The following information is collected for patients who consent to participate

  • patient information (e.g., name, address, date of birth)
  • informed consent (e.g., signed, date of signature)
  • patient status (e.g., vital status)
  • clinical data (e.g., Orphacode, diagnostic method, age ate first occurrence of symptoms)
  • if patient is registered in another registry
  • treating institution (e.g., name of treating hospital)

We assembled a comprehensive list of the Core Dataset variables recorded in SRDR.

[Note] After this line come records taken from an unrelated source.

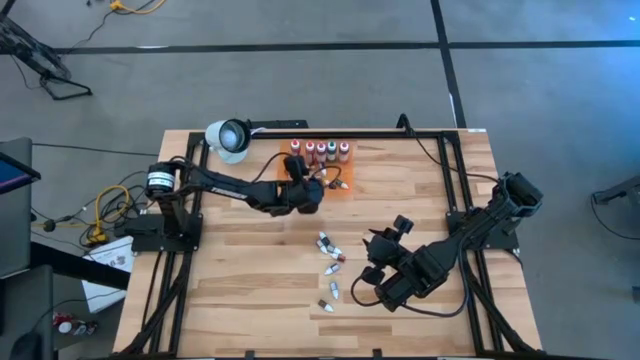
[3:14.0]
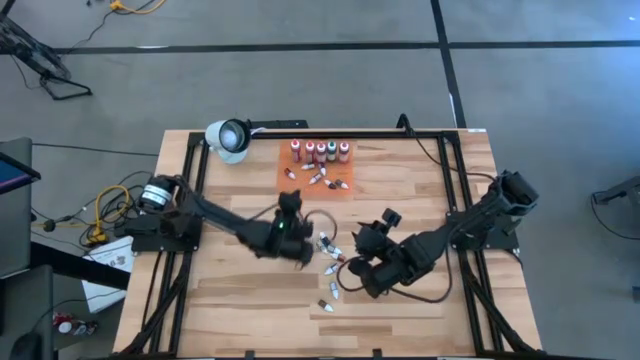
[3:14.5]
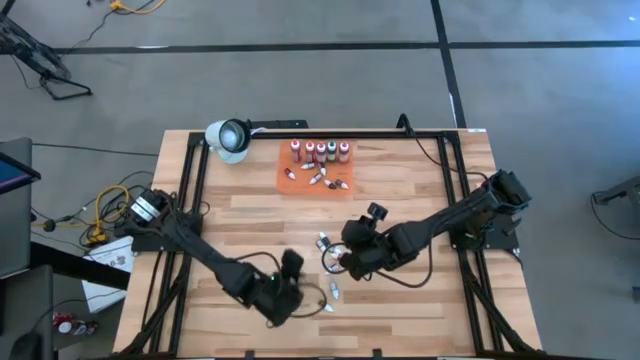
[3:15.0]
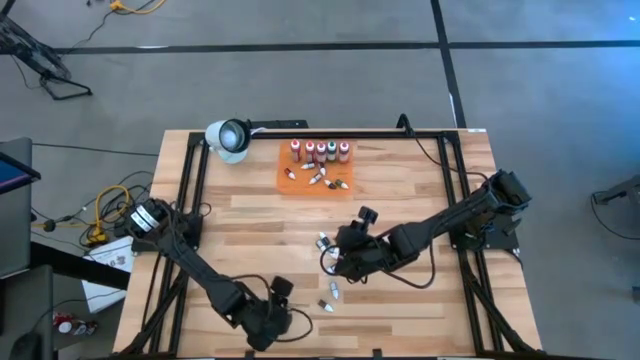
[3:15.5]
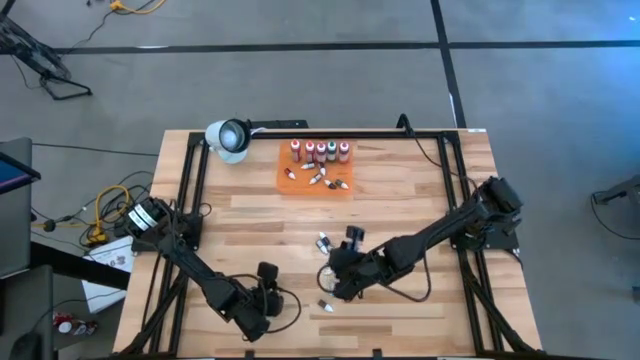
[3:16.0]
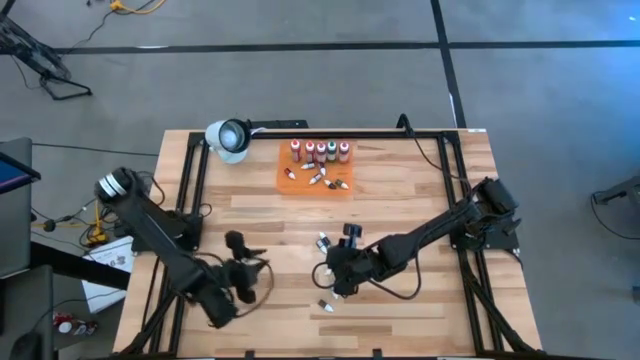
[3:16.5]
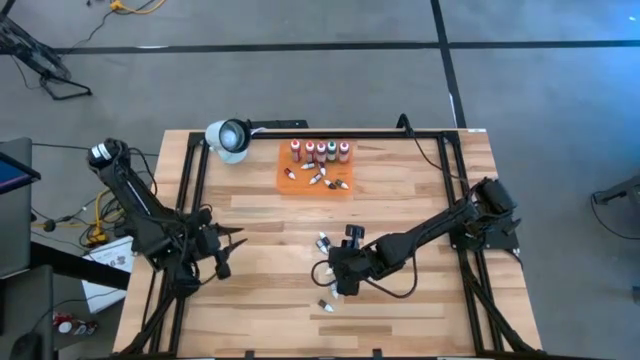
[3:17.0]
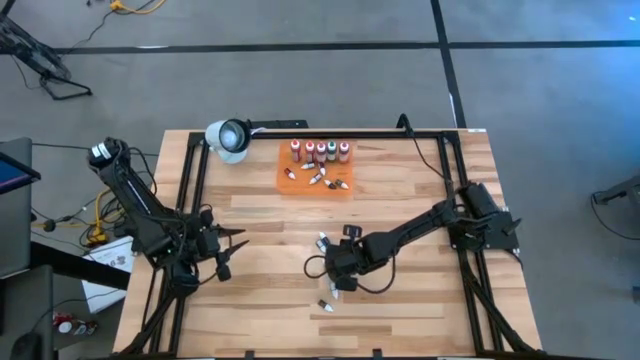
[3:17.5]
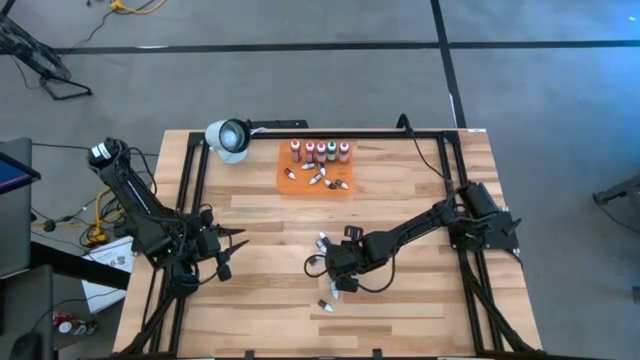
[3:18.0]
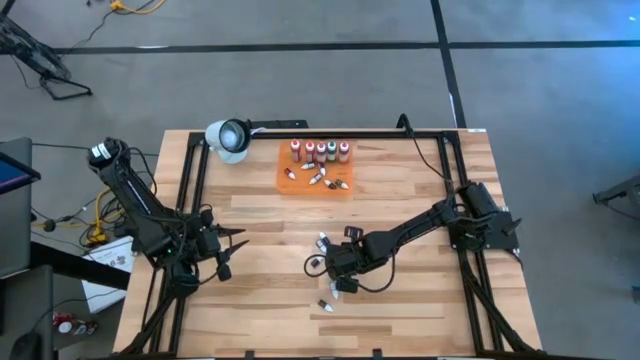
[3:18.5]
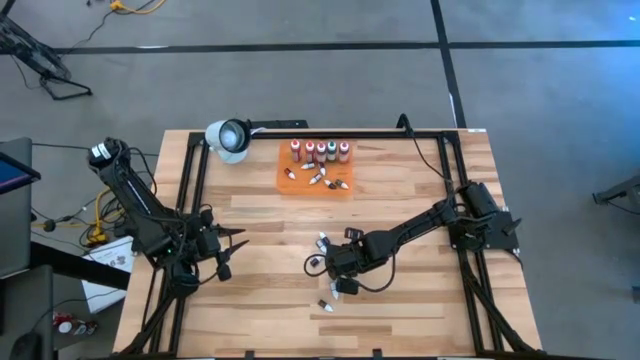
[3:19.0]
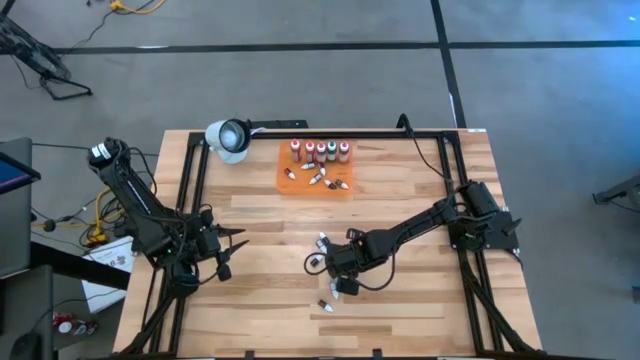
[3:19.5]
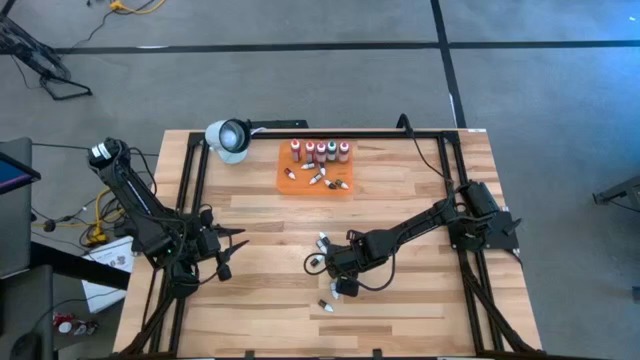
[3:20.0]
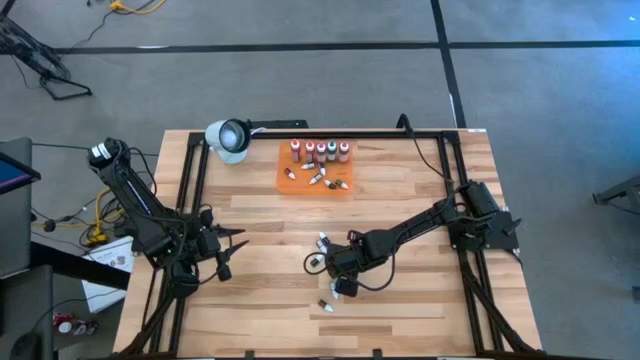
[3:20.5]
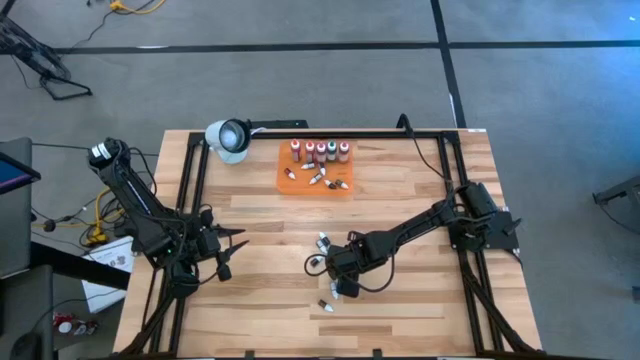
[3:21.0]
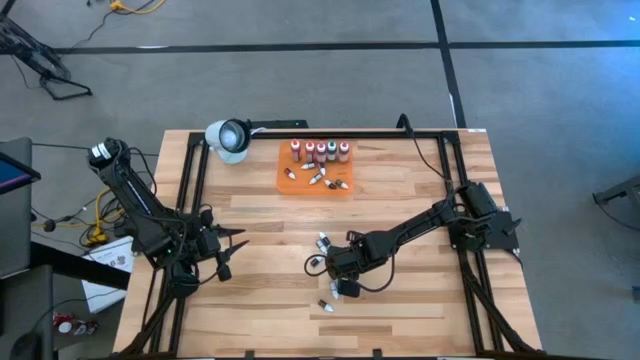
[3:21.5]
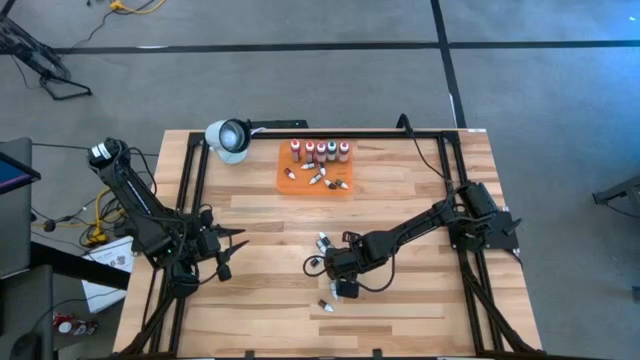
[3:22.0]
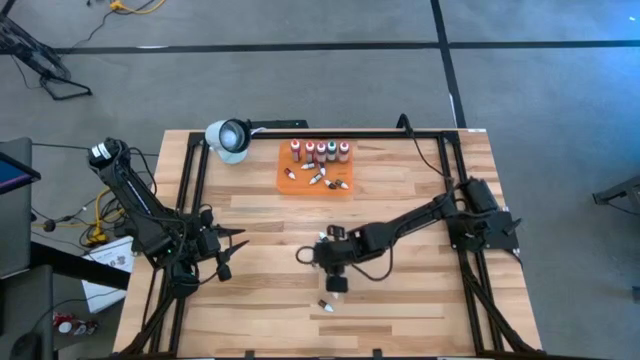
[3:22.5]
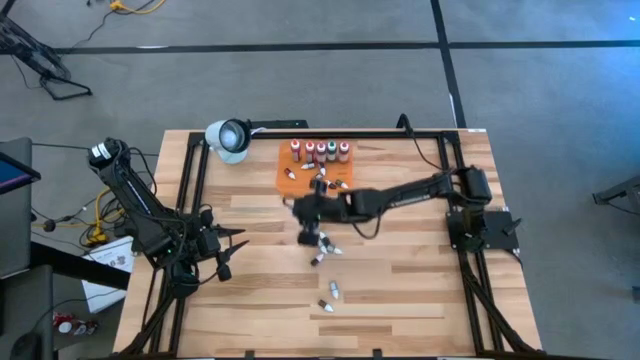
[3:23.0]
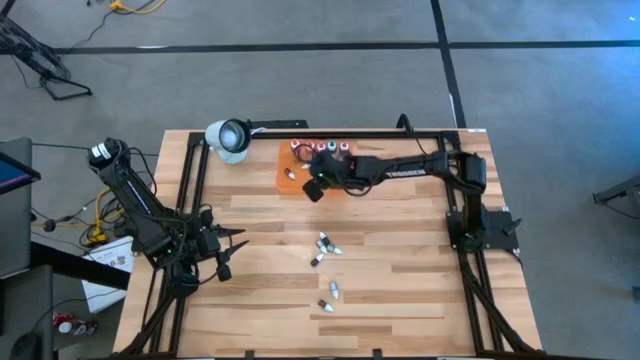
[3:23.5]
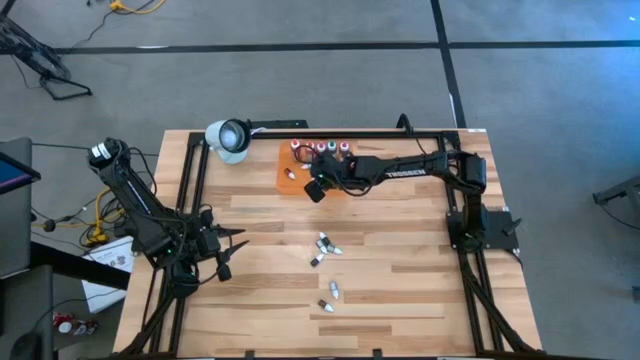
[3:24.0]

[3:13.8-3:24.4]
Task: Pick & Place food coloring
Put the small yellow food coloring bottle into the orange bin

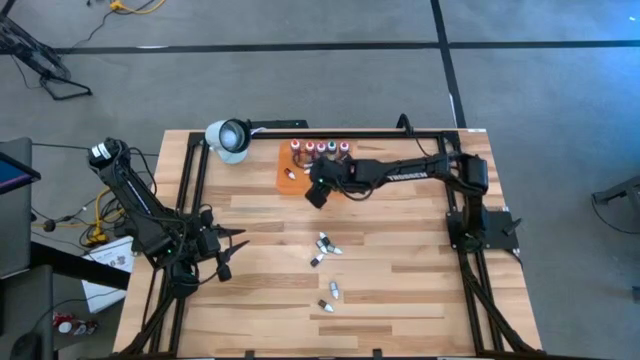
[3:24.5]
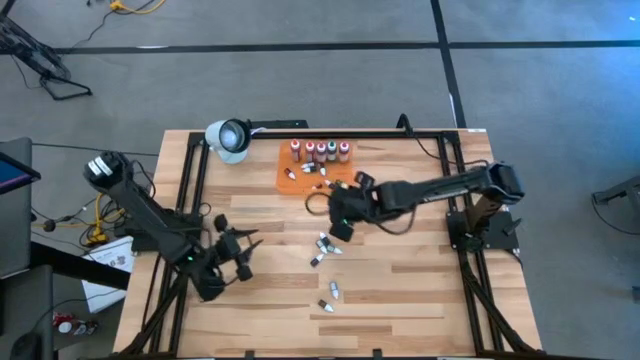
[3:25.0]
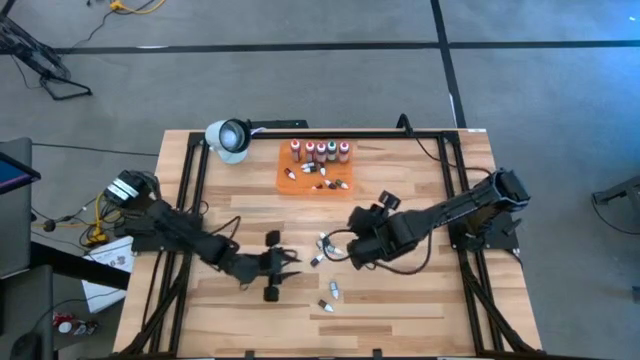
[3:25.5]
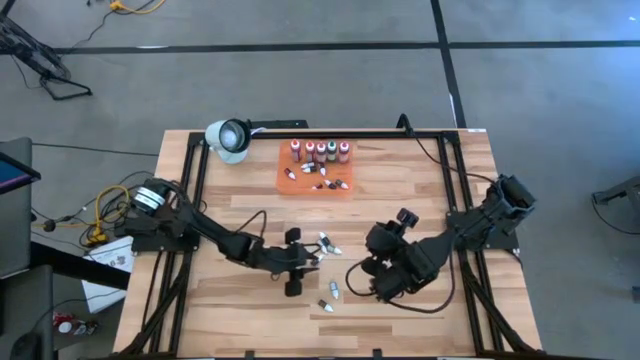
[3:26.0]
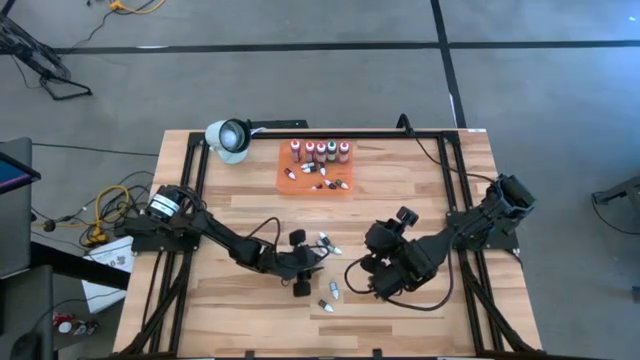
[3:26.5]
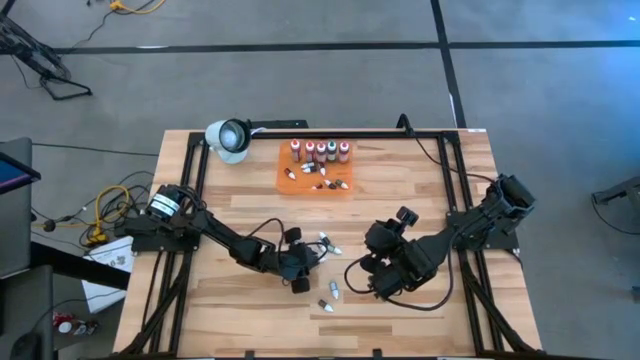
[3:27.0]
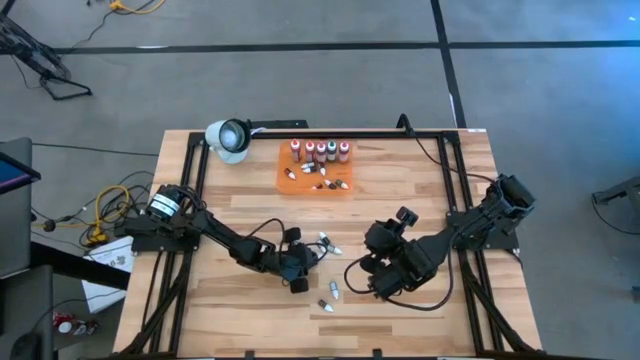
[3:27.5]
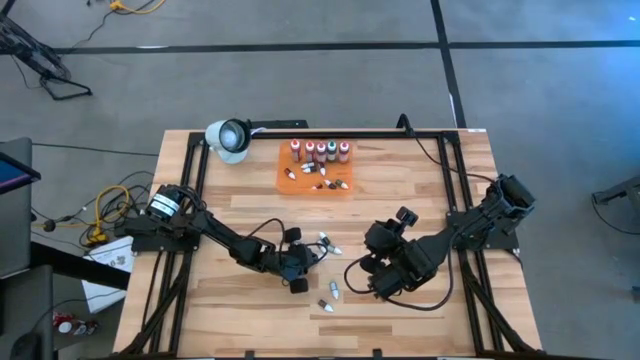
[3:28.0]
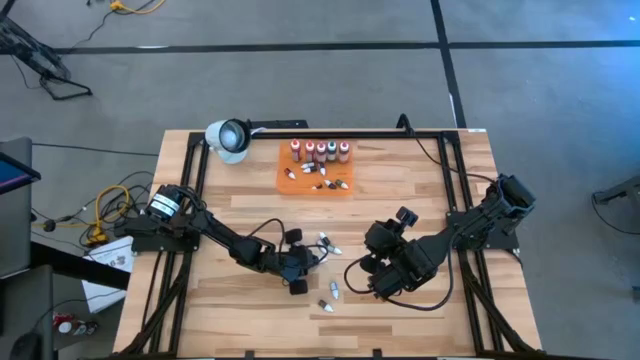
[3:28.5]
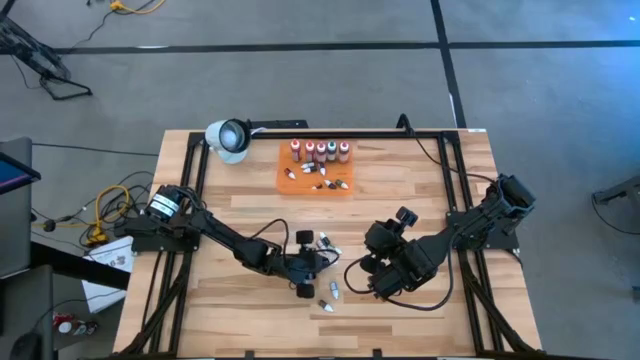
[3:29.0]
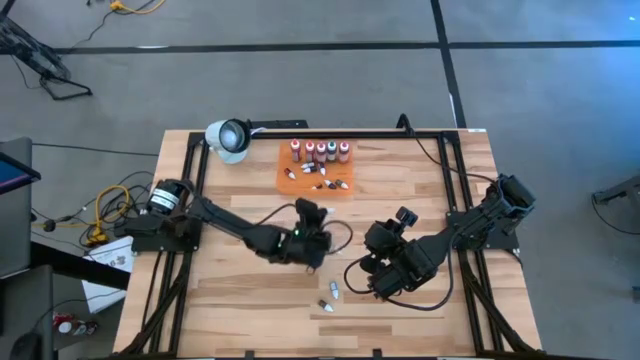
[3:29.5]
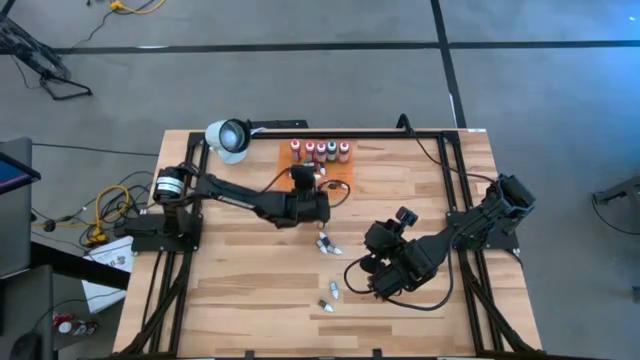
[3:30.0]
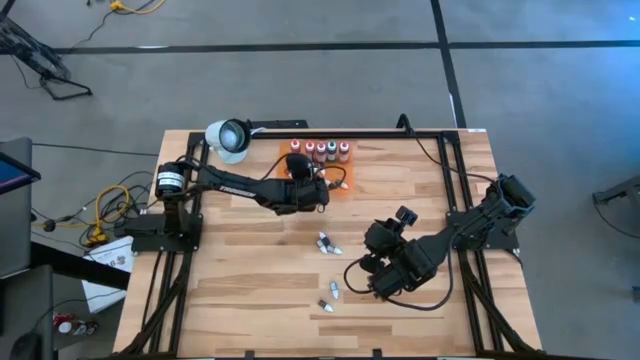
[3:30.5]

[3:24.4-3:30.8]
Put the small pink food coloring bottle into the orange bin

Minimal Dataset when a person declines SRDR inclusion

The SRDR Minimal Dataset only collects unidentifiable variables. To achieve data completeness, we need to include a Minimal Dataset. If we do not record Minimal Datasets for those who decline participation, we will not have an accurate representation of rare diseases visible in health statistics.

The following anonymous information is collected for patients who declines to participate

  • sex, year of birth
  • informed consent status (e.g., refused, withdrawn)
  • Orphacode

We assembled a comprehensive list of the Minimal Dataset variables recorded in SRDR.

Options for Data Transfer

There are 3 options to transfer datasets to the SRDR, which depend on

  • the size of the clinic or practice and number of patients with rare diseases, and
  • the existing method used to store patient data in the clinic or practice.

If you have any questions about transferring patient datasets, please contact us.

FAQ

Is it necessary to inform local ethics committees about data transfers to the SRDR?

Ethics Commission of the Canton of Bern (KEK Bern) approved the SRDR’s protocol as a monocentric study. The ethics approval is valid throughout Switzerland. The Institute of Social and Preventive Medicine and SwissRDL take full responsibility for data security and access. From the perspective of the SRDR, it is not necessary to inform local ethics committees; however, those who provide data should follow their clinic internal procedures for sharing patient data.

What contribution can the SRDR make to health policy?

For the first time in Switzerland, the SRDR will provide an accurate representation of people living with rare diseases, and descriptive statistics for rare diseases in general and for specific rare diseases.

Does the SRDR and the Coordination Rare Diseases Switzerland (kosek) cooperate with the European Reference Networks (ERN)?

Kosek aligns criteria for recognizing reference centers in Switzerland with criteria for participation in ERNs. For Switzerland, it is possible to be represented in ERN groups as supporting, non-voting members who can join meetings and activities.

Who can access the SRDR data for research purposes?

Those who provide SRDR data will have access to the data that they provide at any time. The SRDR plans to set up a dashboard where summarized data are available, such as the numbers of patients within a specific group of rare diseases and general data about age. If you are interested in executing a study, please find further information under Advanced SRDR Studies.

What contribution can the SRDR make for research?

The SRDR allows for conducting ancillary studies.